WE CONCUR: GERRY L. ALEXANDER, C.J., CHARLES W. JOHNSON, MARY E. FAIRHURST, JAMES M. JOHNSON, RICHARD B. SANDERS, DEBRA L. STEPHENS, TOM CHAMBERS, JJ.
MADSEN, J. (concurring).
¶ 28 Although I agree with much of the majority, I concur because I would not reach the question of offset under RCW 19.40.081(d). Only good faith transferees are entitled to an offset under subsection (d)(3), which provides for a "reduction in the amount of the liability on the judgment [to the extent of the value given the debtor for the transfer or obligation]." Since the trial court did not make a finding that the Hansons were good faith transferees, they are not entitled to an offset.
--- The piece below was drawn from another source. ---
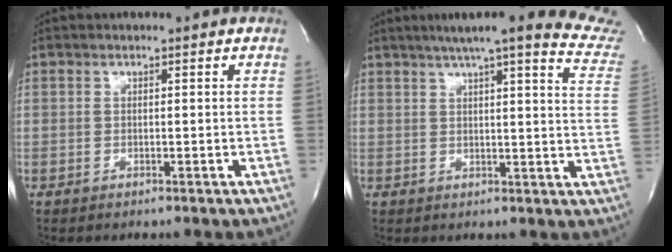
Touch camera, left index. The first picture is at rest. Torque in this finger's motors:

¶ 29 My concern is that the majority admits the statute supports the reading proposed by the Hansons but declines to apply the statute as written because, it says, following the statute would lead to an absurd result. It says that the literal application of the statute would leave creditors with no relief against good faith transferees. But, the majority's reading punishes good faith transferees, a result I do not believe was intended by the legislature. Indeed, that is the reason the offset provision is only triggered by a good faith transferee. In any event, in the absence of a finding that the Hansons were good faith transferees, the court need not decide what the legislature intended by the offset provision and I would not do so.
NOTES
[1]  The court did not enter judgment against the Hansons personally.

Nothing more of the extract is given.